Insect cecropins are small basic polypeptides synthesized in fat body and hemocytes in response to bacterial infections or hypodermic injuries. To explore a new approach for high expression of soluble cecropin in Escherichia coli cells, we fused the sequence encoding Musca domestica mature cecropin (named Mdmcec) in-frame to thioredoxin (TRX) gene to construct an expression vector pTRX-6His-Mdmcec. An enterokinase cleavage site was introduced between the 6xHis-tag and Mdmcec to facilitate final release of the recombinant Mdmcec. The fusion protein TRX-6His-Mdmcec was purified successfully by HisTrap HP affinity column and a high yield of 48.0mg purified fusion protein was obtained from 1L culture. Recombinant Mdmcec was readily obtained by enterokinase cleavage of the fusion protein followed by HPLC chromatography, and 11.2mg pure active recombinant Mdmcec was obtained from 1L E. coli culture. The molecular mass of recombinant Mdmcec determined by electrospray ionization-mass spectrometry (ESI-MS) is identical to that of native cecropin. Analysis of recombinant Mdmcec by circular dichroism (CD) indicated that recombinant Mdmcec contained predominantly alpha-helix with some random coil. Antimicrobial activity assays demonstrated that recombinant Mdmcec had a broad spectrum of activity against fungi, Gram-positive and negative bacteria. The procedure described in this study will provide a reliable and simple method for production of different cationic peptides for biological studies.

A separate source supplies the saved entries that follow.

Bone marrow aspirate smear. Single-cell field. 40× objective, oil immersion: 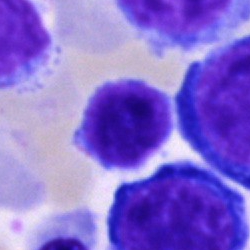Impression — lymphocyte.
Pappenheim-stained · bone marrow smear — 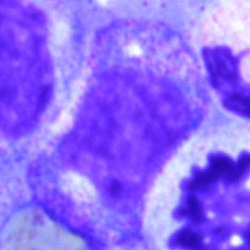Morphology consistent with a metamyelocyte.
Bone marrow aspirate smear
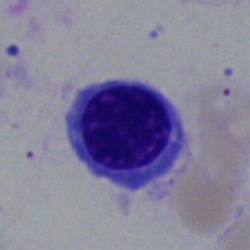
Q: What is the morphological classification of this cell?
A: It is a normoblast.
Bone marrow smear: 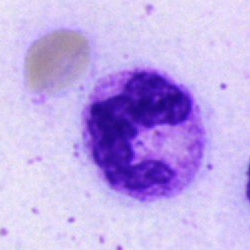 The cell type is segmented neutrophil.
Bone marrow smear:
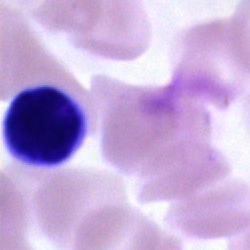Impression — lymphocyte.
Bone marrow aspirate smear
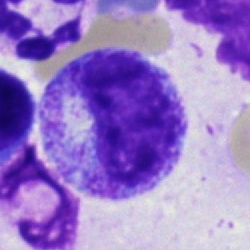Q: What cell is this?
A: This is a myelocyte.
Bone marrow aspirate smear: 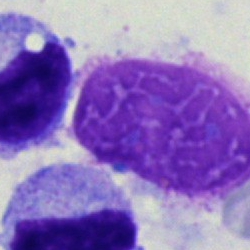
Single cell identified as an artefact.
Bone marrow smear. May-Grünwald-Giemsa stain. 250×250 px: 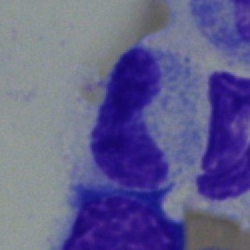 Impression → stab cell.
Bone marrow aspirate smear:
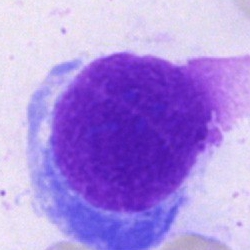

Plasmacyte.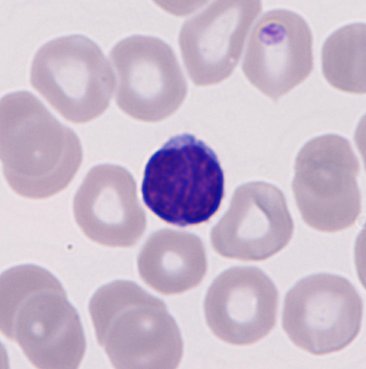

A typical lymphocyte.

Expression of recombinant hybrid peptide cecropinA(1-8)-magainin2(1-12) in Pichia pastoris: purification and characterization

Hybrid antibacterial peptide CA-MA (cecropinA(1-8)-magainin2(1-12)) is a linear cationic peptide that has potent antimicrobial properties without hemolytic activity. To explore a new approach of expression of hybrid peptide CA-MA in methylotrophic yeast, Pichia pastoris, the gene of CA-MA was obtained by recursive PCR (rPCR) and cloned into the vector pPICZalpha-A. The SalI-linearized plasmid pPICZalpha-CA-MA was transformed into P. pastoris SMD1168 by electroporation. The expression was induced for 96h with 1.0% methanol at 28 degrees C, pH 5.0. Recombinant CA-MA was purified by reversed-phase HPLC and 22 mg pure active CA-MA was obtained from 1L fermentation culture. Tricine-SDS-PAGE indicated that recombinant CA-MA protein molecular weight is 2.6 kDa. Mass spectrometry of purified CA-MA demonstrated a single large signal for the molecular ion [M+2H+](2+) at 1281.07 m/z, identical to that of the putative protein (2.56 kDa). Antimicrobial assays showed that CA-MA has a broad spectrum of antimicrobial property against fungi, as well as Gram-positive and Gram-negative bacteria. This is the first report on the heterologous expression of a hybrid antibacterial peptide with molecular weight below 3.0 kDa in P. pastoris. Our results demonstrate that functional CA-MA can be produced in sufficient quantities using P. pastoris for use in further studies on functionality and diagnostic applications.